El bisulfito actúa sobre el ADN monocatenario , convirtiendo la citosina en uracilo [3] . Si esta citosina está metilada, es decir, un grupo metilo está unido a su quinto átomo de carbono , entonces dicha citosina no sufre transformación. Así, el bisulfito cambia la secuencia de ADN en función de su patrón de metilación, y tras la exposición a él es posible determinar qué dinucleótidos CpG estaban metilados comparando la secuencia alterada con la original.

Métodos

Los métodos que se describen a continuación utilizan la secuenciación de regiones de ADN tratadas con bisulfito para determinar el patrón de metilación. También existen métodos que no se basan en la secuenciación, como el análisis de restricción de bisulfito combinado ( COBRA ) y la inmunoprecipitación de ADN metilado ( MeDIP ). Las tareas de estudio de los patrones de metilación pueden consistir tanto en estudiar la metilación de una citosina en particular como en determinar la proporción de citosinas metiladas en una determinada región del ADN, o incluso en todo el genoma en su conjunto. De los siguientes métodos, algunos son más adecuados para estudiar sitios de metilación específicos, mientras que otros son más adecuados para estudiar la metilación a niveles más altos. Idealmente, se debe determinar la metilación de cada alelo . Varias revisiones [4] [5] [6] [7] [8] están dedicadas a la descripción de los métodos de secuenciación con bisulfito .

Secuenciación directa

El primer método de secuenciación con bisulfito se describió en 1992 [9] . Para determinar el patrón de metilación se utilizó PCR, cuyos cebadores eran específicos para el ADN tanto alterado como inalterado por bisulfito, es decir, no contenían citosinas incluidas en los dinucleótidos CpG . Para los cebadores, se usaron regiones cercanas al sitio de metilación de interés, pero que no lo contenían. En el caso de que la citosina no estuviera metilada, se encontró timina ( uracilo ) en la secuencia amplificada y adenina en la secuencia complementaria sintetizada . Si la citosina estaba metilada, entonces permanecía en la secuencia amplificada y la guanina se sintetizaba en la secuencia complementaria . Este método requiere mucha mano de obra, ya que requiere la clonación de productos de PCR para lograr la sensibilidad requerida. El mismo problema se puede resolver usando PCR anidado .

Pirosecuenciación

En la pirosecuenciación, la PCR se usa con cebadores que amplifican tanto el ADN alterado como el no modificado con bisulfito. La proporción del número de citosinas metiladas y no metiladas en la secuencia amplificable está determinada por la proporción del número de nucleótidos A y G en la secuencia complementaria sintetizada [10] [11] .

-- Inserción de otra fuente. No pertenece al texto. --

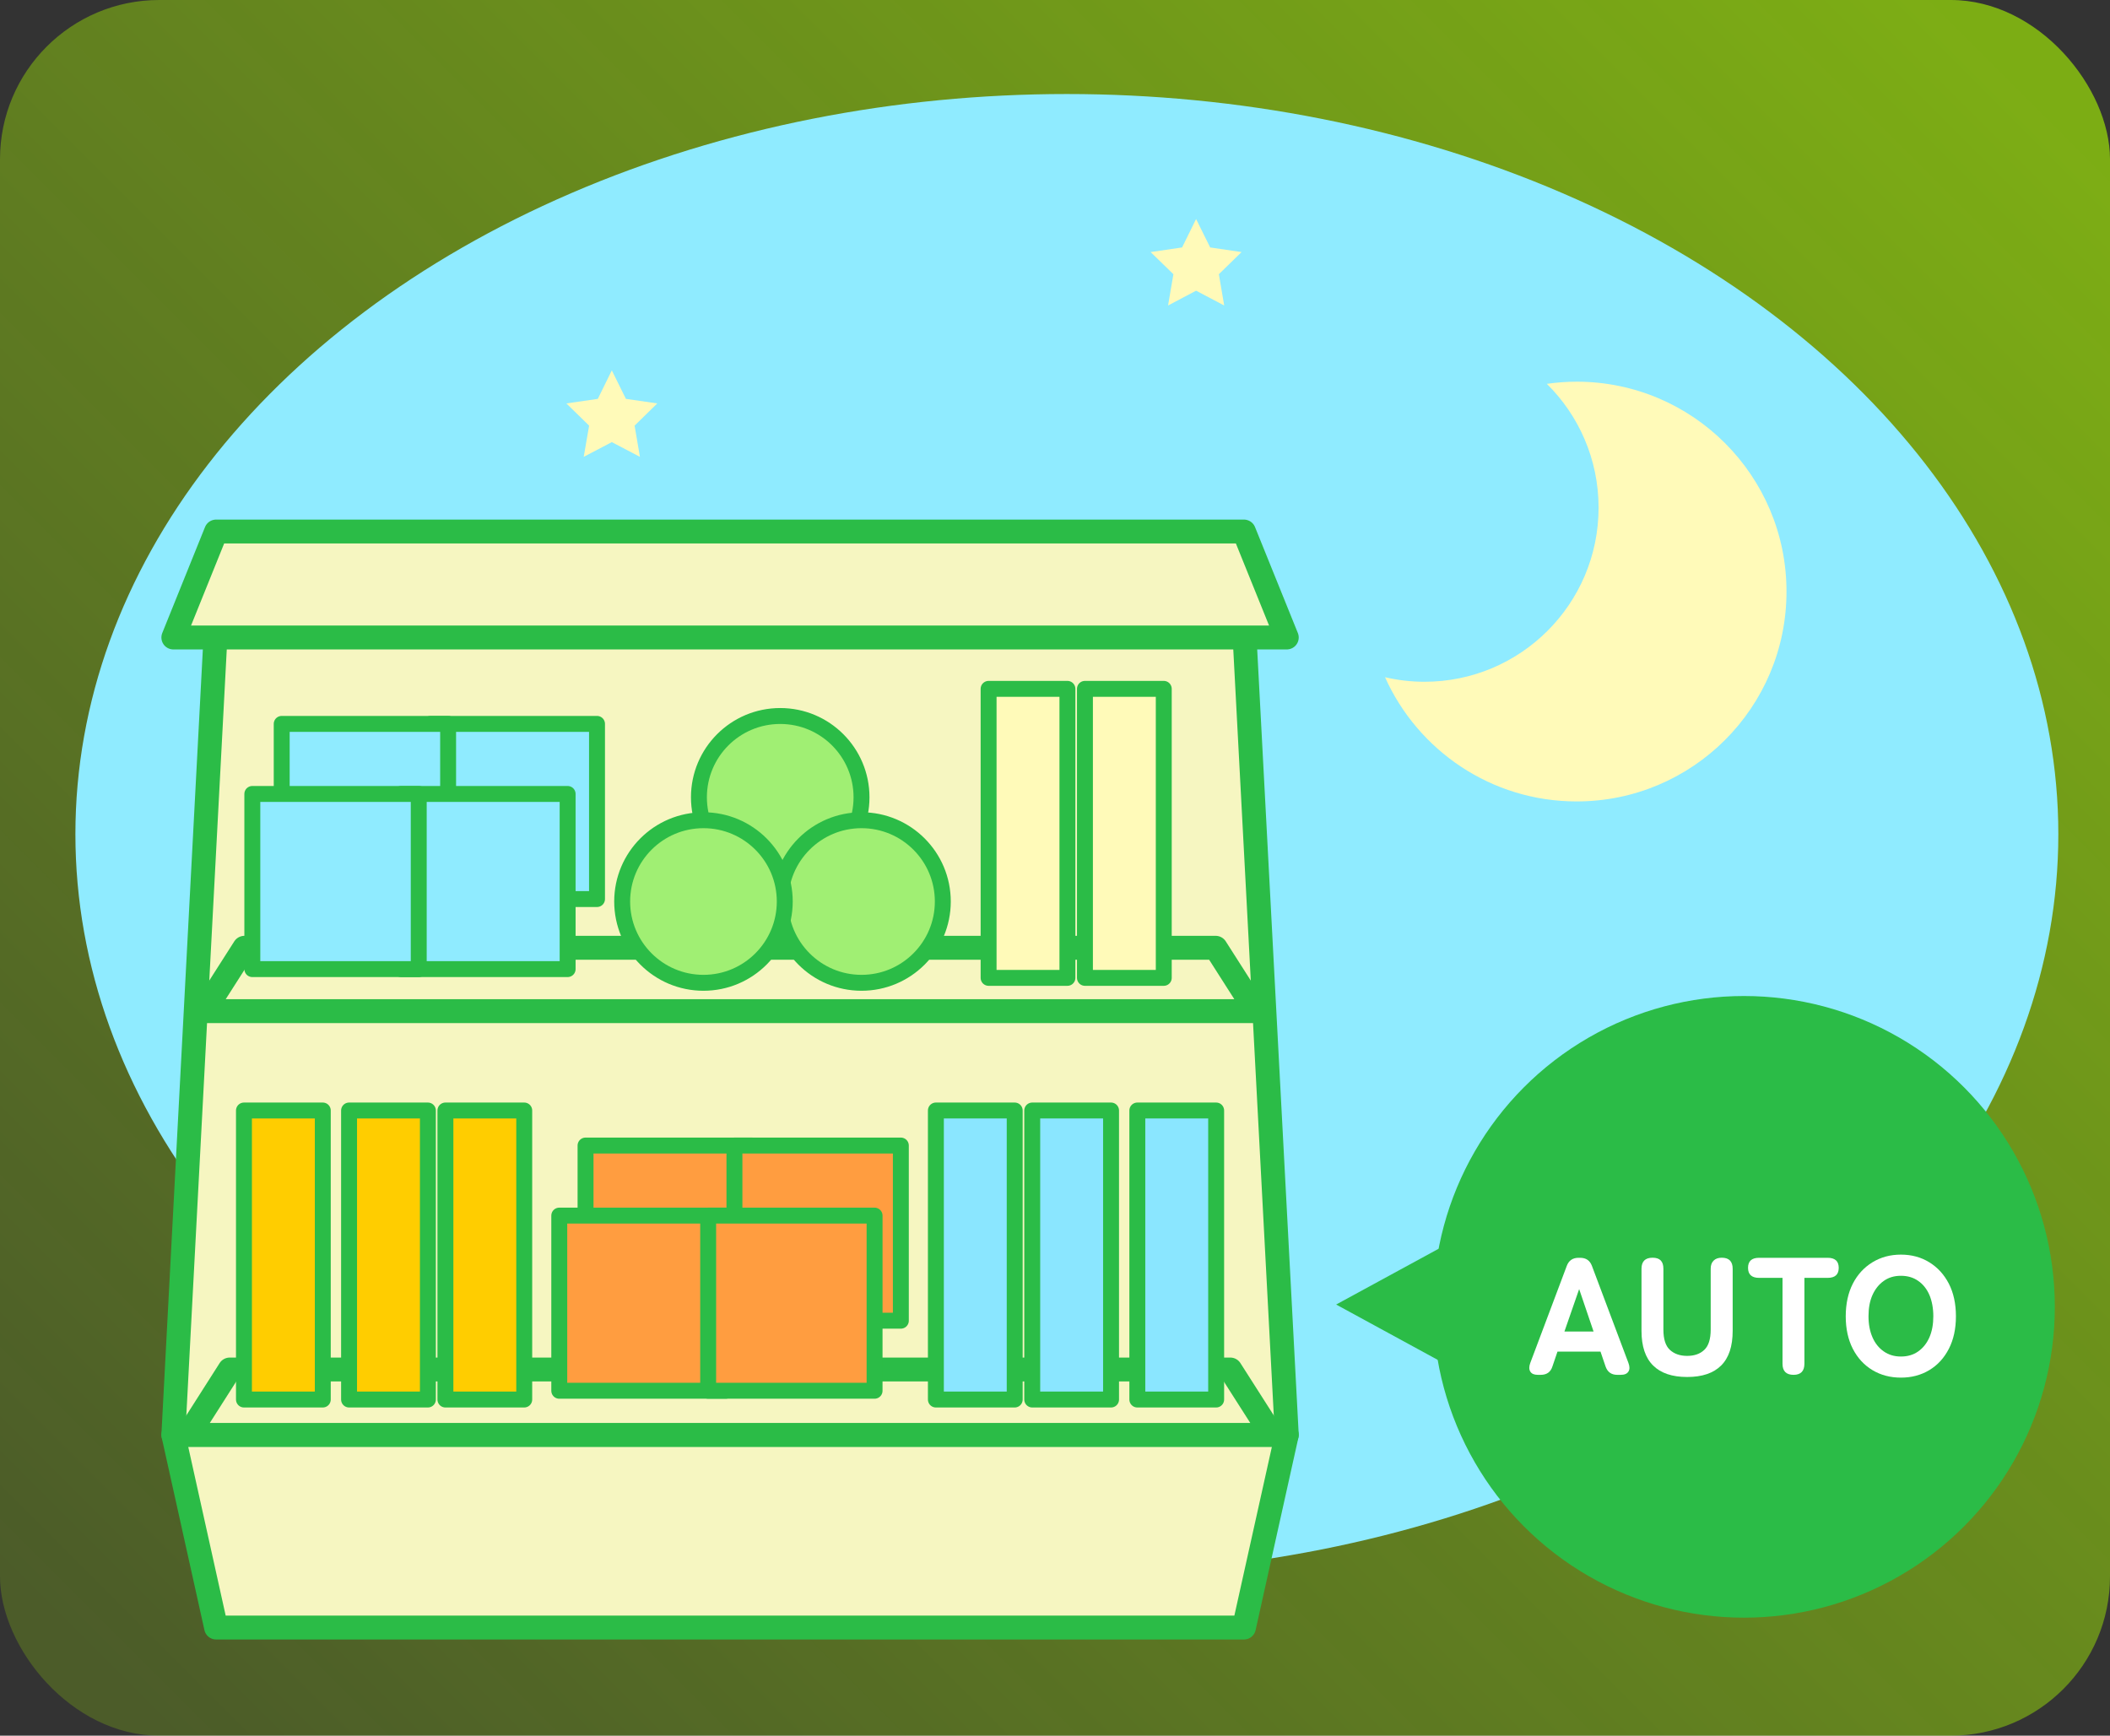 <?xml version="1.0" encoding="UTF-8"?><svg id="_レイヤー_2" xmlns="http://www.w3.org/2000/svg" xmlns:xlink="http://www.w3.org/1999/xlink" viewBox="0 0 265 218"><rect x="0" y="0" width="265" height="218" fill="#333333" stroke="none"/><defs><style>.cls-1{fill:#fff;}.cls-2,.cls-3{fill:#fffab9;}.cls-4,.cls-5{fill:#8febff;}.cls-6{fill:#2bbc47;}.cls-7{fill:#ffcd00;}.cls-7,.cls-8,.cls-5,.cls-9,.cls-3,.cls-10{stroke-width:2px;}.cls-7,.cls-8,.cls-5,.cls-9,.cls-3,.cls-10,.cls-11{stroke:#2bbc47;stroke-linecap:round;stroke-linejoin:round;}.cls-8{fill:#a0ef73;}.cls-9{fill:#ff9d40;}.cls-10{fill:#8ae6ff;}.cls-11{fill:#f6f6c1;stroke-width:3px;}.cls-12{fill:url(#_名称未設定グラデーション_9);}</style><linearGradient id="_名称未設定グラデーション_9" x1="22.11" y1="219.39" x2="242.89" y2="-1.39" gradientUnits="userSpaceOnUse"><stop offset="0" stop-color="#aeff00" stop-opacity=".2"/><stop offset="1" stop-color="#aeff00" stop-opacity=".6"/></linearGradient></defs><g id="_イラスト"><rect class="cls-12" width="265" height="218" rx="20" ry="20"/><ellipse class="cls-4" cx="133.99" cy="104.77" rx="124.52" ry="92.96"/><polygon class="cls-6" points="209.5 163.85 188.66 175.21 167.81 163.85 188.66 152.5 209.5 163.85"/><circle class="cls-6" cx="219.03" cy="164.14" r="39.04"/><path class="cls-1" d="m193.13,172.68c-.45,0-.76-.13-.93-.4-.17-.27-.18-.63-.01-1.09l4.58-12.18c.25-.69.75-1.03,1.49-1.03h.19c.74,0,1.24.34,1.49,1.03l4.58,12.18c.17.46.17.83-.01,1.09-.17.27-.49.4-.96.4h-.44c-.74,0-1.23-.36-1.47-1.07l-.63-1.85h-5.4l-.63,1.85c-.22.71-.71,1.07-1.47,1.07h-.38Zm3.36-5.44h3.65l-1.81-5.33-1.85,5.33Z"/><path class="cls-1" d="m211.89,172.95c-1.88,0-3.3-.48-4.27-1.44s-1.46-2.41-1.46-4.36v-7.79c0-.92.46-1.39,1.39-1.39s1.36.46,1.36,1.39v7.64c0,1.19.27,2.04.81,2.54.54.5,1.26.76,2.17.76s1.63-.25,2.16-.76c.53-.5.8-1.35.8-2.54v-7.64c0-.45.12-.79.37-1.03.24-.24.58-.36,1.02-.36.91,0,1.37.46,1.37,1.39v7.79c0,1.95-.48,3.4-1.45,4.36-.96.96-2.39,1.44-4.26,1.44Z"/><path class="cls-1" d="m225.26,172.68c-.92,0-1.39-.46-1.39-1.39v-10.79h-2.94c-.92,0-1.39-.42-1.39-1.26s.46-1.26,1.39-1.26h8.61c.92,0,1.39.42,1.39,1.26s-.46,1.26-1.39,1.26h-2.92v10.79c0,.92-.46,1.39-1.36,1.39Z"/><path class="cls-1" d="m238.74,173.03c-1.33,0-2.52-.31-3.57-.94s-1.87-1.52-2.47-2.68c-.59-1.15-.89-2.52-.89-4.08s.3-2.95.89-4.1c.59-1.15,1.42-2.05,2.47-2.69,1.05-.64,2.24-.96,3.57-.96s2.52.32,3.56.96c1.04.64,1.86,1.53,2.46,2.69.59,1.15.89,2.52.89,4.1s-.3,2.93-.89,4.08c-.59,1.15-1.41,2.05-2.46,2.68s-2.23.94-3.56.94Zm0-2.65c.84,0,1.56-.21,2.17-.64.61-.43,1.08-1.02,1.41-1.77.33-.76.49-1.64.49-2.65s-.17-1.91-.49-2.67c-.33-.76-.8-1.35-1.41-1.77-.61-.43-1.33-.64-2.17-.64s-1.54.21-2.15.64-1.08,1.02-1.42,1.77c-.34.76-.5,1.64-.5,2.67s.17,1.89.5,2.65.81,1.35,1.42,1.77c.61.43,1.33.64,2.15.64Z"/><polygon class="cls-11" points="21.77 180.22 161.61 180.22 156.23 78.49 27.14 78.49 21.77 180.22"/><polygon class="cls-11" points="21.77 180.22 161.61 180.22 156.23 204.42 27.14 204.42 21.77 180.22"/><polygon class="cls-11" points="21.77 80.07 161.61 80.07 156.23 66.76 27.14 66.76 21.77 80.07"/><polygon class="cls-11" points="25.61 127 157.76 127 152.68 119.04 30.69 119.04 25.61 127"/><polygon class="cls-11" points="23.62 180.22 159.76 180.22 154.52 172.01 28.85 172.01 23.62 180.22"/><rect class="cls-7" x="30.64" y="139.48" width="9.9" height="36.3"/><rect class="cls-7" x="43.84" y="139.48" width="9.9" height="36.3"/><rect class="cls-7" x="55.94" y="139.48" width="9.9" height="36.3"/><rect class="cls-10" x="117.54" y="139.48" width="9.9" height="36.3"/><rect class="cls-10" x="129.64" y="139.48" width="9.9" height="36.3"/><rect class="cls-10" x="142.84" y="139.48" width="9.9" height="36.3"/><rect class="cls-9" x="73.54" y="143.88" width="20.9" height="22"/><rect class="cls-9" x="92.24" y="143.88" width="20.9" height="22"/><rect class="cls-9" x="70.24" y="152.68" width="20.9" height="22"/><rect class="cls-9" x="88.94" y="152.68" width="20.9" height="22"/><rect class="cls-3" x="136.26" y="86.51" width="9.9" height="36.3" transform="translate(282.42 209.33) rotate(-180)"/><rect class="cls-3" x="124.16" y="86.51" width="9.9" height="36.3" transform="translate(258.22 209.33) rotate(-180)"/><rect class="cls-5" x="54.07" y="90.91" width="20.9" height="22" transform="translate(129.05 203.83) rotate(-180)"/><rect class="cls-5" x="35.37" y="90.91" width="20.9" height="22" transform="translate(91.65 203.83) rotate(-180)"/><rect class="cls-5" x="50.39" y="99.71" width="20.9" height="22" transform="translate(121.68 221.43) rotate(-180)"/><rect class="cls-5" x="31.69" y="99.71" width="20.9" height="22" transform="translate(84.28 221.43) rotate(-180)"/><circle class="cls-8" cx="97.99" cy="100.14" r="10.21"/><circle class="cls-8" cx="108.2" cy="113.23" r="10.21"/><circle class="cls-8" cx="88.35" cy="113.23" r="10.21"/><path class="cls-2" d="m198.01,47.94c-1.27,0-2.52.1-3.74.27,4.01,3.96,6.5,9.47,6.5,15.55,0,12.08-9.79,21.87-21.87,21.87-1.7,0-3.36-.2-4.95-.57,4.12,9.19,13.34,15.6,24.06,15.6,14.56,0,26.36-11.8,26.36-26.36s-11.8-26.36-26.36-26.36Z"/><polygon class="cls-2" points="150.22 27.51 151.99 31.08 155.93 31.66 153.08 34.44 153.75 38.37 150.22 36.51 146.7 38.37 147.37 34.44 144.51 31.66 148.46 31.08 150.22 27.51"/><polygon class="cls-2" points="76.84 46.52 78.61 50.1 82.55 50.67 79.7 53.46 80.37 57.38 76.84 55.53 73.31 57.38 73.99 53.46 71.13 50.67 75.08 50.1 76.84 46.52"/></g></svg>

Una mejora adicional de este método es el uso de cebadores específicos de alelo con polimorfismos de un solo nucleótido , que permiten el estudio de los patrones de metilación por separado en los alelos paternos y maternos, lo que es especialmente útil en el estudio de la impronta genómica [12] .

Análisis sensible a la metilación de conformaciones monocatenarias

Este método se basa en el método de análisis de polimorfismos de conformación de cadena sencilla ( SSCA ) .  SSCA fue desarrollado para detectar polimorfismos de un solo nucleótido (SNP) [13] . Fragmentos de ADN de la misma longitud, pero diferente secuencia de nucleótidos, se mueven a diferentes velocidades en la electroforesis . En términos generales, SSCA no es lo suficientemente sensible para detectar una sola sustitución, pero con un número suficiente de polimorfismos de dinucleótidos CpG no metilados en ADN tratado con bisulfito y sin tratar, habrá suficiente sensibilidad del método para determinar la proporción de citosinas metiladas en la región bajo consideración. Este método no permite estudiar la metilación en un sitio en particular, pero da una idea de la metilación a nivel de una región determinada o incluso de todo el genoma.

Métodos de fusión altamente sensibles

El método de fusión de alta sensibilidad (HRM) se basa en PCR en tiempo real [14] . La temperatura se eleva de 55 a 95 °C, como resultado de lo cual se destruyen los enlaces complementarios entre las cadenas. La tasa de fusión se registra utilizando colorantes fluorescentes especiales y, conociendo la dependencia de la fluorescencia de la secuencia de nucleótidos de las cadenas, se pueden distinguir los polimorfismos de un solo nucleótido. El método no proporciona información sobre exactamente qué dinucleótidos CpG se metilaron y, por lo tanto, no cambiaron durante el tratamiento con bisulfito; sin embargo, proporciona información bastante precisa sobre su cantidad en el área de interés.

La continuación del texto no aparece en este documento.